ACTION ITEM → In the copy, leave out the pictures and repeat all records exactly.
┄┄┄┄┄┄┄┄┄┄
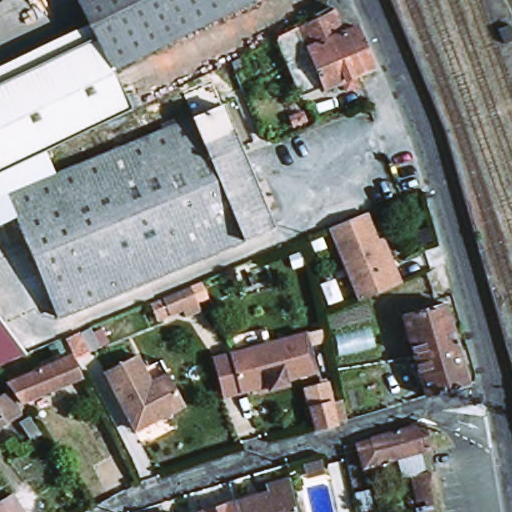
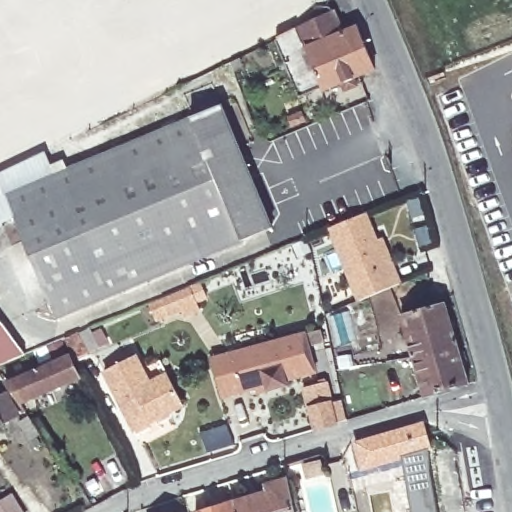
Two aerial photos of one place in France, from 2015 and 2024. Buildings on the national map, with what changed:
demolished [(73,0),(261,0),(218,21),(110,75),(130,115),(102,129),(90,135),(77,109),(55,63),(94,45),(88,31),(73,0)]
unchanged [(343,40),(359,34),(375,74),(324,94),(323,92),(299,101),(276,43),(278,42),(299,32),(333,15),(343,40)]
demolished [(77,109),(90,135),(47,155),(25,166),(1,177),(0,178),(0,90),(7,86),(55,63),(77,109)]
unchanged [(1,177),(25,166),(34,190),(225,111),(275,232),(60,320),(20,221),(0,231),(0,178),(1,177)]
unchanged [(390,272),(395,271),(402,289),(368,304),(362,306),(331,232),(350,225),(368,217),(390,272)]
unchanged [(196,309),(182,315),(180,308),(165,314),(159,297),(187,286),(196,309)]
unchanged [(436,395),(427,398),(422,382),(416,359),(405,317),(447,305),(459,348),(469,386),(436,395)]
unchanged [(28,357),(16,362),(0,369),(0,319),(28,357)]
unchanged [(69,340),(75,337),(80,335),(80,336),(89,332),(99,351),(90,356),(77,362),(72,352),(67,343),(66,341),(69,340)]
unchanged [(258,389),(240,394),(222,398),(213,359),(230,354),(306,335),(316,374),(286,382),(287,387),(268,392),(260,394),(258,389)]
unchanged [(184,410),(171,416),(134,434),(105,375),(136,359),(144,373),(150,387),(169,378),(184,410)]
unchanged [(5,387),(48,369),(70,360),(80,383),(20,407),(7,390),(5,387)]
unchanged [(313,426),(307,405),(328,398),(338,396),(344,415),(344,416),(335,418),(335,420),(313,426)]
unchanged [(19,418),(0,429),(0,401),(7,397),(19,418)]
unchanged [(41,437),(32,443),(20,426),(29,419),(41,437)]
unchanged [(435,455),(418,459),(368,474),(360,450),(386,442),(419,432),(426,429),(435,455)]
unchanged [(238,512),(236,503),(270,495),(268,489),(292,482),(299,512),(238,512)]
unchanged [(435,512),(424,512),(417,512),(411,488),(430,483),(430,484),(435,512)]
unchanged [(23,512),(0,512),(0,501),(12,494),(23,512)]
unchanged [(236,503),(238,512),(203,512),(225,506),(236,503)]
┄┄┄┄┄┄┄┄┄┄
YOUR RESPONSE →
Two aerial photos of one place in France, from 2015 and 2024. Buildings on the national map, with what changed:
demolished [(73,0),(261,0),(218,21),(110,75),(130,115),(102,129),(90,135),(77,109),(55,63),(94,45),(88,31),(73,0)]
unchanged [(343,40),(359,34),(375,74),(324,94),(323,92),(299,101),(276,43),(278,42),(299,32),(333,15),(343,40)]
demolished [(77,109),(90,135),(47,155),(25,166),(1,177),(0,178),(0,90),(7,86),(55,63),(77,109)]
unchanged [(1,177),(25,166),(34,190),(225,111),(275,232),(60,320),(20,221),(0,231),(0,178),(1,177)]
unchanged [(390,272),(395,271),(402,289),(368,304),(362,306),(331,232),(350,225),(368,217),(390,272)]
unchanged [(196,309),(182,315),(180,308),(165,314),(159,297),(187,286),(196,309)]
unchanged [(436,395),(427,398),(422,382),(416,359),(405,317),(447,305),(459,348),(469,386),(436,395)]
unchanged [(28,357),(16,362),(0,369),(0,319),(28,357)]
unchanged [(69,340),(75,337),(80,335),(80,336),(89,332),(99,351),(90,356),(77,362),(72,352),(67,343),(66,341),(69,340)]
unchanged [(258,389),(240,394),(222,398),(213,359),(230,354),(306,335),(316,374),(286,382),(287,387),(268,392),(260,394),(258,389)]
unchanged [(184,410),(171,416),(134,434),(105,375),(136,359),(144,373),(150,387),(169,378),(184,410)]
unchanged [(5,387),(48,369),(70,360),(80,383),(20,407),(7,390),(5,387)]
unchanged [(313,426),(307,405),(328,398),(338,396),(344,415),(344,416),(335,418),(335,420),(313,426)]
unchanged [(19,418),(0,429),(0,401),(7,397),(19,418)]
unchanged [(41,437),(32,443),(20,426),(29,419),(41,437)]
unchanged [(435,455),(418,459),(368,474),(360,450),(386,442),(419,432),(426,429),(435,455)]
unchanged [(238,512),(236,503),(270,495),(268,489),(292,482),(299,512),(238,512)]
unchanged [(435,512),(424,512),(417,512),(411,488),(430,483),(430,484),(435,512)]
unchanged [(23,512),(0,512),(0,501),(12,494),(23,512)]
unchanged [(236,503),(238,512),(203,512),(225,506),(236,503)]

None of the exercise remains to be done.